Die Kieferninseln, Marion Poschmann, S. 160f.

Bis Yosa verschwindet, ahnt Gilbert nichts von dessen Nichtexistenz. Wie bei Lebert ist der Geist also nicht sofort erkenntlich.

Systematisierung: Welche Arten von Geistern gibt es?

Schnell fällt ein zentraler Unterschied ins Auge: Es gibt die Geister, bei denen sehr schnell klar wird, dass es sich bei den Erscheinungen um tote Wesen handelt. Bei meiner Auswahl sind es die Fantasy-Romane, die eine solch klare Abgrenzung verwenden. Sowohl in Harry Potter, als auch in der Moorehawke-Trilogie und Simon Snow sind Geister von den Lebenden ganz klar als eigentlich tote Wesen identifizierbar.

Ganz anders verhält es sich bei den beiden Titeln aus der Belletristik, die in meinem Regal standen.

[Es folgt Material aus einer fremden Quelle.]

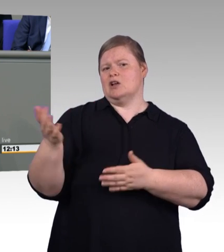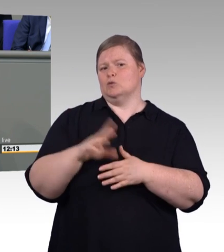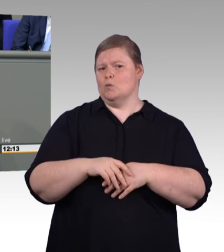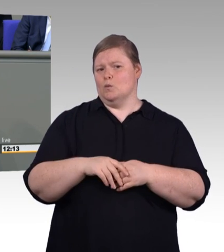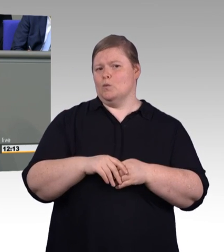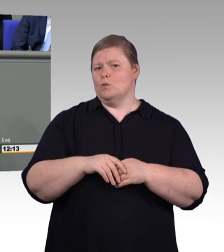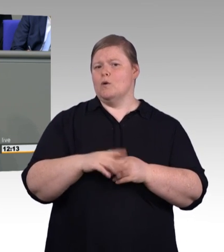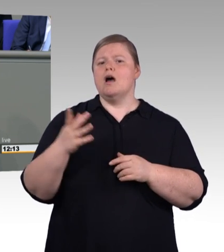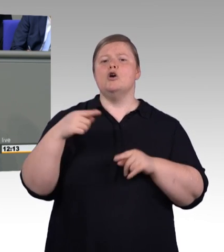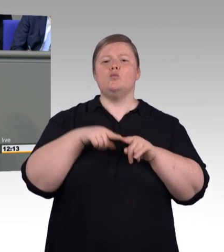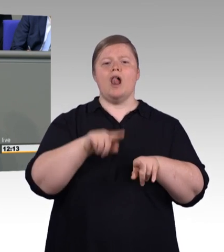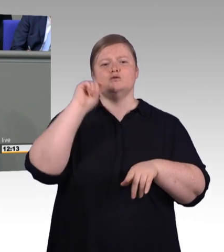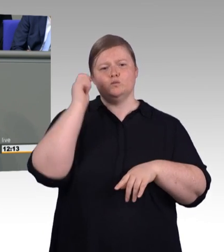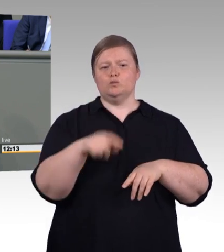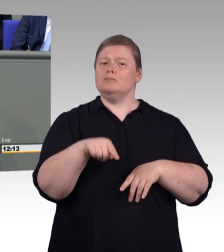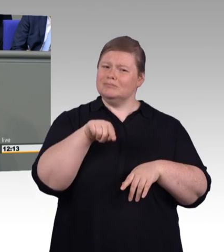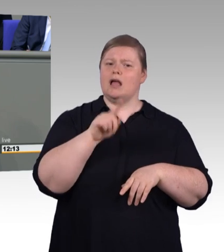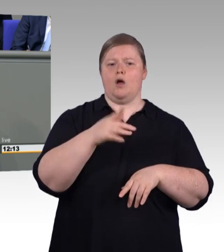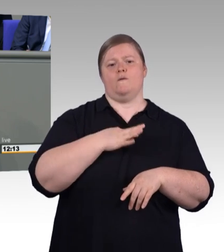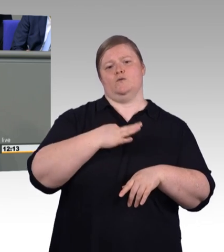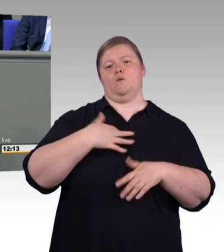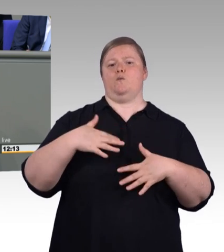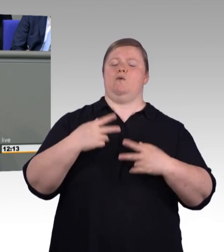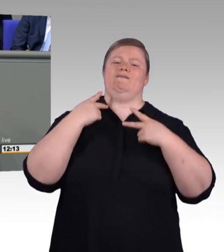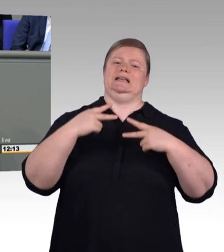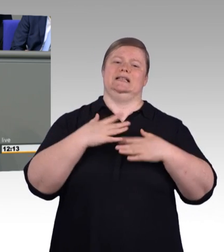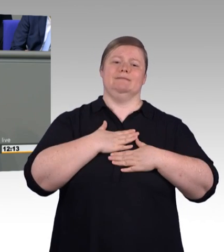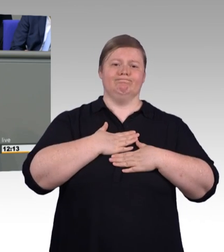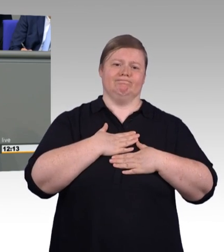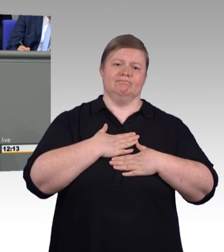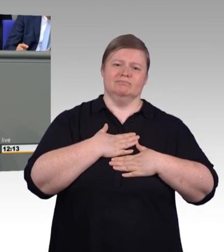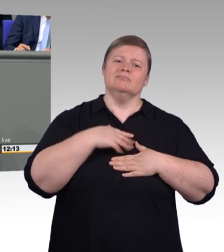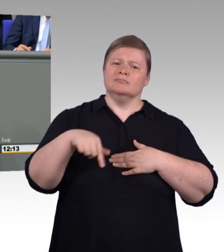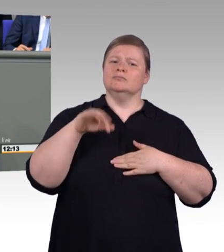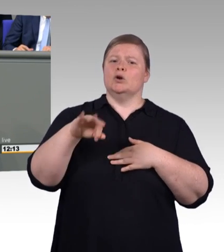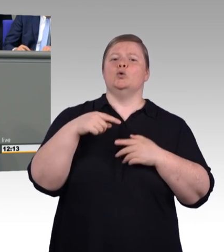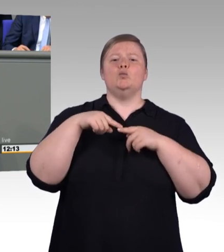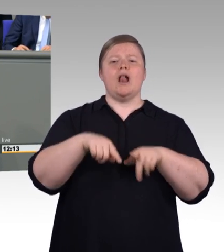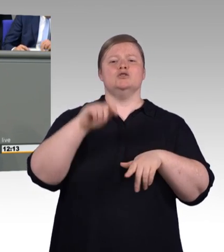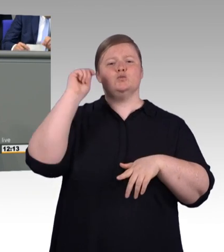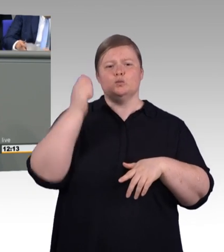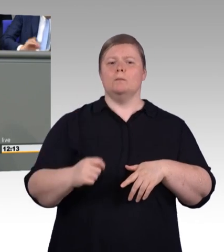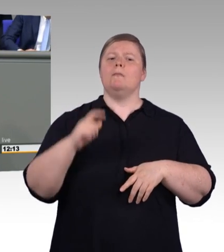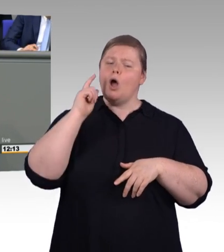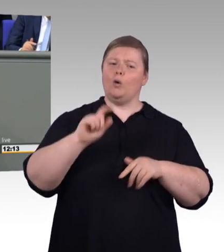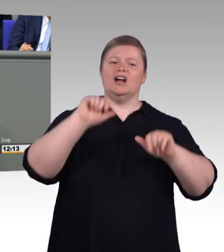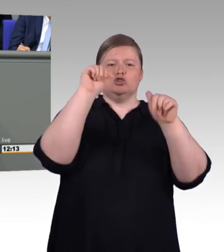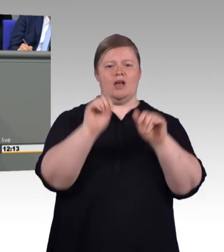und es entsprechend da geregelt werden muss. Auch da bin ich ein Freund von Obst in der Obstschublade behandeln und Gemüse in der Gemüseschublade behandeln.

Sowohl bei »Die Kieferninseln« als auch bei »Mitternachtsweg« ist den Protagonisten nicht klar, dass sie mit Geistern interagieren. Das ergibt sich erst nach und nach im Laufe der Handlung.

Im Vergleich sind allerdings auch nur bei diesen beiden Büchern die Geister zentrale Handlungselemente und Hauptcharaktere. In den Fantasyromanen handelt es sich eher um ein zusätzliches Element, die Welt auszuschmücken. Sie haben noch etwas gemein: Die Geister sind keine einmaligen Phänomene sondern eine systematische Erscheinung, d.h. beinahe jeder kann zum Geist werden, wenn er stirbt. Bei Poschmann und Lebert dagegen ist es etwas besonderes, einmaliges.

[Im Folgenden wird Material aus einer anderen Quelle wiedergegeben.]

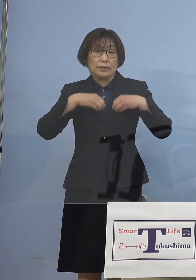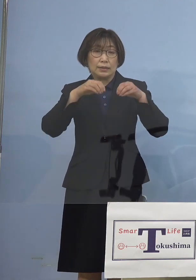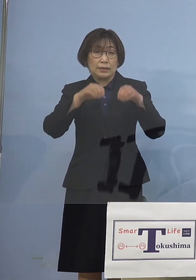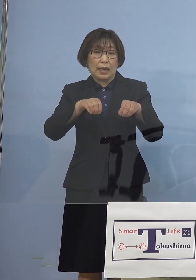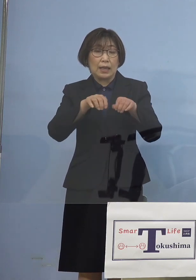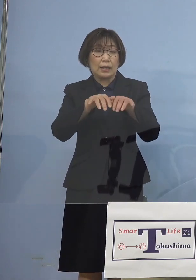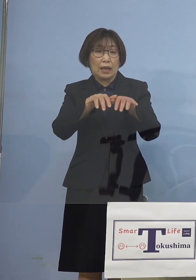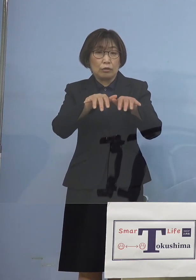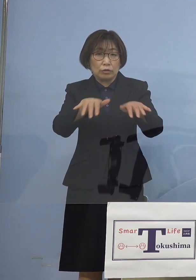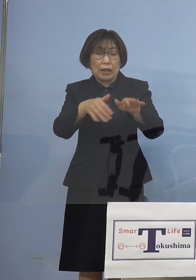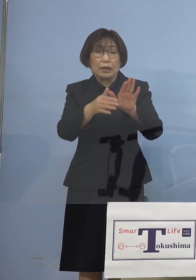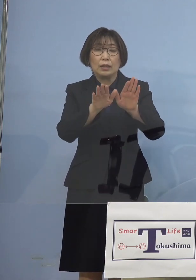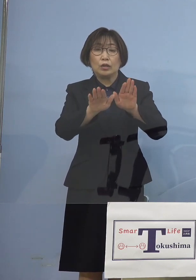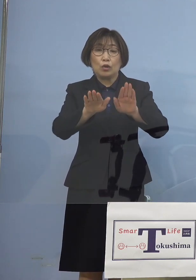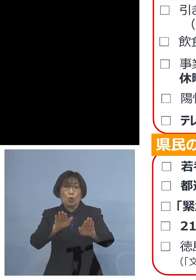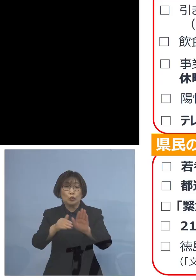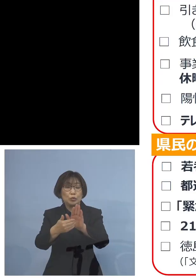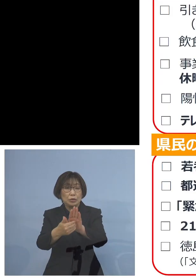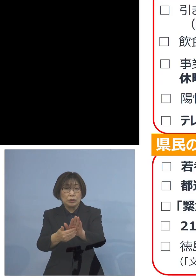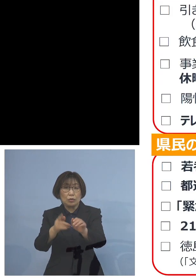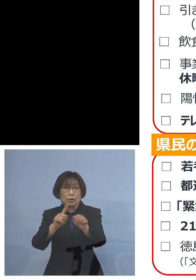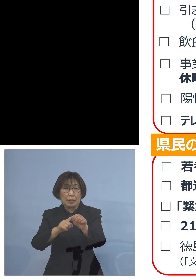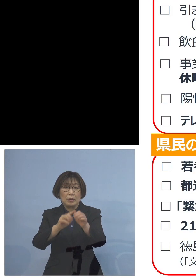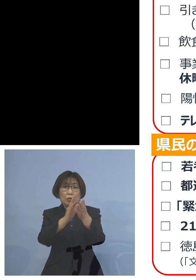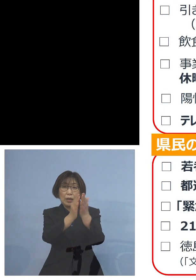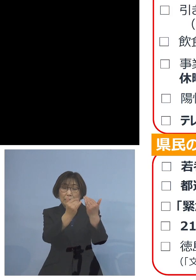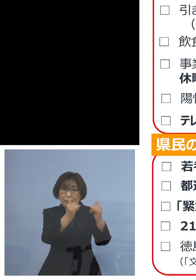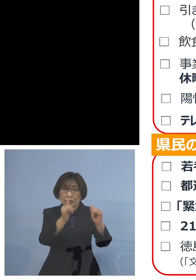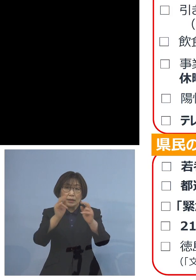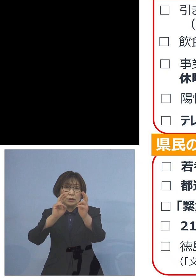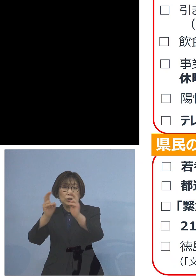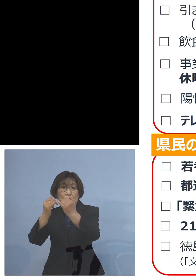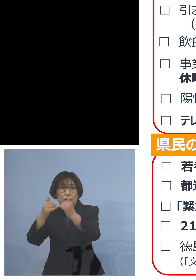今度は県民 また事業者の皆様方へのお願い

Ich will nicht so weit gehen, zu behaupten, dass sich hier ein Muster erkennen lässt. Aber es wäre schon spannend, diesem Thema breiter auf den Grund zu gehen. Ich halte aber an dieser Stelle folgendes fest: Es gibt »offene Geister« und »verborgene Geister«. Außerdem gibt es Geister als »besonderes Phänomen« und Geister als »systematische Erscheinungen«.


Was ist also mein Fazit? Geister können in Büchern ganz unterschiedlich eingearbeitet werden. Mal sind sie ein zentraler Teil des Buchs und ihre Identifikation dient dem Vorantreiben der Handlung, manchmal sind sie nur da, um die erzählte Welt ein wenig magisch zu machen. In jedem Fall verfügen sie über andere Eigenschaften als die Lebenden. Geister sind Tote, die in der Welt der Lebenden verweilen – meist müssen Sie etwas erledigen, etwas Ungesagtes loswerden. Manchmal können Sie auch nur nicht Abschied nehmen.

Wie auch immer sie dargestellt werden: Geister bereichern die Literatur und ziehen sich auch immer wieder als Motiv durch moderne Bücher. Woran mag das liegen? Fasziniert die Menschen einfach der Gedanke, was Tote anrichten können, wenn sie zu den Lebenden zurückkehren?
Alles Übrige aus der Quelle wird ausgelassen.